For NER, dynamic thresholds per type allow seamless extension to new types by providing additional embeddings, enabling open-domain and zero-shot entity recognition (Zhang et al., 2022).
Multilingual CARP bi-encoders facilitate zero-shot adaptation to new languages by freezing the wordpiece embedding and fine-tuning only higher layers (Fedorova et al., 2024).

6. Design Rationale, Limitations, and Extensions

Contrastive bi-encoder architectures offer several advantages:

Decoupled inference: Input pairs are processed independently, enabling offline embedding and sublinear retrieval at inference time.
Robustness to noisy/distant supervision: Contrastive learning tolerates noisy negatives and supports self-supervised or distantly supervised regimes (e.g., dictionary-based NER).
Generalization: Shared latent spaces foster transfer across domains, entity types, or languages.
Flexible extension: New labels or languages can be introduced via additional description embeddings or minimal adaptation.

Limitations include increased computational costs for large sets of candidate pairs (especially O( $L^2$ ) scaling for NER) and the sensitivity of threshold learning to contextual variance, which may require further adaptive calibration (Zhang et al., 2022). For paraphrase identification, there remains a small but stable performance gap relative to tightly-coupled cross-encoder models, although the modularity and efficiency of the bi-encoder remains desirable (Fedorova et al., 2024).

7. Representative Configurations

Variant	Application Domain	Encoder(s)	Vector Dim	Key Loss
CARP Tiny/Base/Large (Matiana et al., 2021)	Story Evaluation	RoBERTa	2048	InfoNCE + learned τ
CARP CoOp (Castricato et al., 2022)	RL Preference Reward	RoBERTa/BERT	2048	InfoNCE + soft prompt
BINDER (Zhang et al., 2022)	NER	BERT (non-shared)	d × K typ.	InfoNCE + dyn. thresh.
CARP (LaBSE) (Fedorova et al., 2024)	Paraphrase ID, Multil.	LaBSE	768	ArcFace + hard negs

Each configuration is tailored by domain requirements (e.g., whether parameter sharing is needed, scale of candidate space, or availability of hard negatives) and backbone properties.

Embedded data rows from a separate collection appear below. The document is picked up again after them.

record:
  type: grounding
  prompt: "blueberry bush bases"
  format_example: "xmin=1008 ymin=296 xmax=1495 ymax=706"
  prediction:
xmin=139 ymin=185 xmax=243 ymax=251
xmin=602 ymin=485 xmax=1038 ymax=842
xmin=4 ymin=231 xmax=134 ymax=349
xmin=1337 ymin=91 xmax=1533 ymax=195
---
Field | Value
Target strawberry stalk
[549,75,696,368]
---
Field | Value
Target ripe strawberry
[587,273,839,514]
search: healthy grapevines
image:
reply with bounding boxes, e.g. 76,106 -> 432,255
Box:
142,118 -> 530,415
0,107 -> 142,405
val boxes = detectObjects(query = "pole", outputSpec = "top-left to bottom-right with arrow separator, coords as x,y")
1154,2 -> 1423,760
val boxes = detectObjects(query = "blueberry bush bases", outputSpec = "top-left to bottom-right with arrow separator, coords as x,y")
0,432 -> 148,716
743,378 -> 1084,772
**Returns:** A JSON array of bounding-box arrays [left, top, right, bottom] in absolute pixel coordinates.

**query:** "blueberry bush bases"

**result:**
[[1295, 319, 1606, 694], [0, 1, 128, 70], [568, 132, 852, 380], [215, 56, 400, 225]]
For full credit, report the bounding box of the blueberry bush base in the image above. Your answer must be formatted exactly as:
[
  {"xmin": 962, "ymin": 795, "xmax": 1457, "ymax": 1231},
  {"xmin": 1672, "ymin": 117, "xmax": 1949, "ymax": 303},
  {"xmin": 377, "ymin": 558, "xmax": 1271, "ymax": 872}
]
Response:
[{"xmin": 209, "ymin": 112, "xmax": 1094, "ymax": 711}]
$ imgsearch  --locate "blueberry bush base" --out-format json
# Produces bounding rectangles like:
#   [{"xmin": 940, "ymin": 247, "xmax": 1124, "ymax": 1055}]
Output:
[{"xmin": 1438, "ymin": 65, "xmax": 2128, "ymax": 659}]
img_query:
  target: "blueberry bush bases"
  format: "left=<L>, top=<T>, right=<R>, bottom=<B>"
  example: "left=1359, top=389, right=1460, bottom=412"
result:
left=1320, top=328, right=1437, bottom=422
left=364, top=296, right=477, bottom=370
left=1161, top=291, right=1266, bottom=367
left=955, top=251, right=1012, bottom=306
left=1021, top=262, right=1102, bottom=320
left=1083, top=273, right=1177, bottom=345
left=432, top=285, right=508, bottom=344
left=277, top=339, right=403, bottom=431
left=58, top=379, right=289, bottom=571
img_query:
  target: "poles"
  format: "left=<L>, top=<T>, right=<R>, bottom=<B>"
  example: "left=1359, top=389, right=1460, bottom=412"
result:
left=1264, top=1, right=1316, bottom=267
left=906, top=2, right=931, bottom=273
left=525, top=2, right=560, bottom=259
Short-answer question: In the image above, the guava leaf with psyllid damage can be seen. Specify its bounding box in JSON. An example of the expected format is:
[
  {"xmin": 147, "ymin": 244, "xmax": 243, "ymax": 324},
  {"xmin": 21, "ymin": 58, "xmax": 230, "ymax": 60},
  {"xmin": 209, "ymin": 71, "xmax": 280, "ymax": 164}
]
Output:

Contrastive Bi-Encoders (CARP) define a principled approach to semantic alignment through dual encoding and contrastive learning, with demonstrated utility in evaluation, control, recognition, and cross-lingual understanding across multiple NLP domains (Matiana et al., 2021, Castricato et al., 2022, Zhang et al., 2022, Fedorova et al., 2024).